というのも私はVIVANTに釘付けとなり、考察班のYouTube動画を漁るなど、別班に入り浸った3ヶ月を過ごしました。
ですから、期待ほどの視聴率に届かなかったことを批判したいわけではありません。
むしろ、こんなに壮大なドラマがどうしてもっと視聴されなかったのかが不思議で、その謎を解き明かしたいと思ったのです。
ということで私の最後の考察を始めていくわけですが、まずは本当にVIVANTの視聴率が低いかを確かめたいと思います。
2020年以降のTBSの日曜9時に放送された主なドラマの視聴率は以下のとおりです。
・半沢直樹2(2020年):平均24.8%、最高32.7%
・天国と地獄(2021年):平均15.3%、最高20.1%
・ドラゴン桜(2021年):平均14.8%、最高20.4%
・日本沈没(2021年):平均15.7%、最高16.9%
・DCU(2022年):平均14.5%、最高16.8%
2020年〜2021年にかけてはコロナウィルスの流行によって外出を控える人も多く、視聴率が高まりやすい環境にあった可能性もあるため、単純な比較をすることはできません。
しかしあえて数字だけ見ると、過去3年のドラマと比較してVIVANTの視聴率が高いとは言えません。
堺雅人・阿部寛・二階堂ふみ・二宮和也・役所広司といった大物を揃えても視聴率が伸び切らなかった理由として以下の4つがあるのではないかと考えています。
①初回の視聴率が低すぎた
②家族で視聴するにはハードルが高い
③登場人物が多く、名前も似ている
④視聴者にとって絶対的な味方が一人もいない
「は?」と思われた方もおられるでしょうが、一つずつ解説していきます。
【原因① 初回の視聴率が低すぎた】
VIVANTは初回の放送前にキャストのみを発表し、役柄やストーリーは一切明かさないという戦略を取りました。ドラマの情報を明かさないことで、新鮮に受け取ってもらう狙いがあったとされています。
その結果、視聴者の満足度を高める効果があった反面、1話目の視聴率は11.5%と控えめな数字になりました。
VIVANTは初回がもっとも濃密に作られています。

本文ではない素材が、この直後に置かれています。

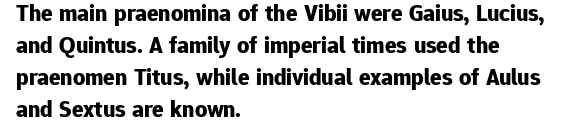
Q: Is the text bold? A: Yes.
Q: Is the text italic (slanted)? A: No, it is upright.
Q: Is the text underlined? A: No.
Q: How is the paragraph aligned? A: Left-aligned.
Q: Is the spacing between letters normal or unusually wide? A: Normal.
Q: Is the spacing between lines tight, normal or loose? A: Normal.
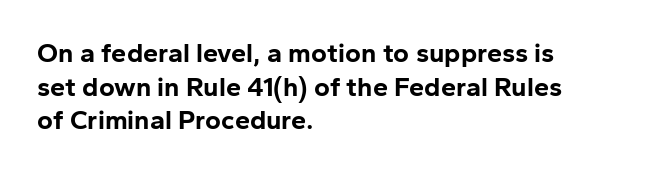
Its strokes are broad and dark, the hallmark of bold type. It's the straight-up-and-down kind of type. Regular leading. Caption: standard tracking, unaltered.
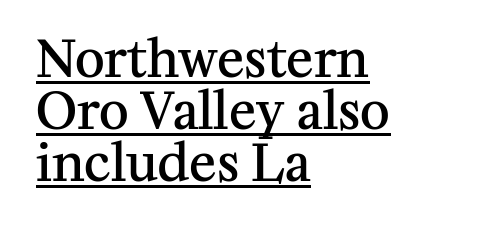
Q: Is the text bold? A: Semi-bold.
Q: Is the text italic (slanted)? A: No, it is upright.
Q: Is the typeface a serif or a sans-serif typeface? A: Serif.
Q: Is the text underlined? A: Yes.
Q: How is the paragraph aligned? A: Left-aligned.
Q: Is the spacing between letters normal or unusually wide? A: Normal.
Q: Is the spacing between lines tight, normal or loose? A: Tight.
Q: Width (condensed, normal, or wide)? A: Normal.
Q: Stroke contrast? A: Medium.
Q: x-height? A: Medium.
Q: Monospaced? A: No.
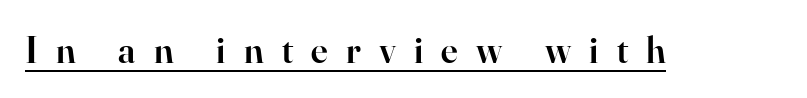
The image shows 38 px semibold serif type, upright; set unusually wide letter spacing (+0.48 em), underlined; high stroke contrast and a small x-height.
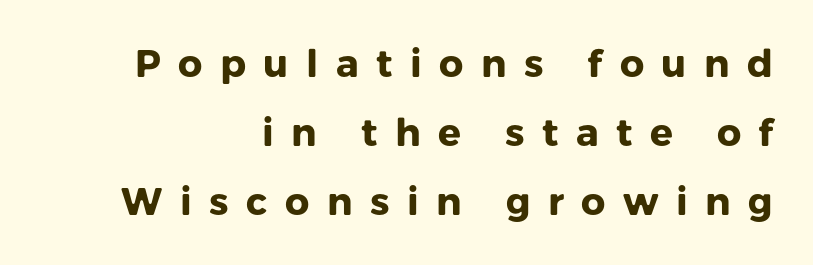
Q: Is the text bold? A: Yes.
Q: Is the text italic (slanted)? A: No, it is upright.
Q: Is the typeface a serif or a sans-serif typeface? A: Sans-serif.
Q: Is the text underlined? A: No.
Q: How is the paragraph aligned? A: Right-aligned.
Q: Is the spacing between letters normal or unusually wide? A: Unusually wide.
Q: Width (condensed, normal, or wide)? A: Normal.
Q: Stroke contrast? A: Low.
Q: x-height? A: Medium.
Q: Monospaced? A: No.

家族や友人に「VIVANTの1話ってどんな話だった?」と聞かれたとしても、伏線や登場人物が多すぎてなかなか説明できないはずです。
2話から気軽に参加しにくいというVIVANTの性質上、初回の低視聴率が最終回まで響いたと思われます。
【原因② 家族で視聴するにはハードルが高い】
高視聴率を記録する条件として、「老若男女を問わず見られる、全世代・全人口を対象としたドラマである」ことが挙げられます。
しかしVIVANTは字幕の多さから、全世代が対象とは言い難いドラマでした。
使われている漢字や語彙のレベルを鑑みるに、小学生にとっては理解が難しかったのではないでしょうか。
小学生と一緒に見るとなると、漢字の説明をしてあげる必要があり、だったらリアルタイムではなく録画でゆっくり見ようという動きになりやすかったと思われます。
【原因③ 登場人物が多く、名前も似ている】
VIVANT公式サイトには43人の登場人物が記載されているよう、登場人物が非常に多くなっています。
これは商社・公安・別班・テントという4つの組織でそれぞれ複数の構成員を登場させたこと、裏切り者を視聴者に予想させないように怪しい人物を複数用意したことなどが理由です。
その結果、登場人物の数が膨れ上がってしまい、「この人誰だっけ?」などと視聴者が混乱しやすい状況になりました。
また、一人ひとりに焦点が当たる機会が少なくなるため、「ジャミーンや柚木が活躍するシーンがもっと欲しい」「撃たれただけの別班が4人いる」「サムはもう出てこないの?」など、モヤモヤが残る視聴者もいたようです。
加えて、主要人物である乃木(のぎ)・野崎(のざき)・柚木(ゆのき)は名前が酷似しています。
柚木の過去が明かされていないことを踏まえると、名前が似ているのは次回作以降の伏線である可能性があります。(自分の名前が分からないときに「You Nogi」と言われたことが「Yunoki」に聞こえたなど)
ただ一般的には、視聴者に分かりやすいようメインキャラクターの名前を全く違うものにするため、こんがらがってしまう視聴者も少なくなかったはずです。
こうした「難しさ」が視聴する層を狭めたと考えられます。
【原因④ 視聴者にとって絶対的な味方が一人もいない】
VIVANTは誰がどこの組織に所属しているのか、裏切り者は誰なのかを推理させることで視聴者を楽しませるドラマでした。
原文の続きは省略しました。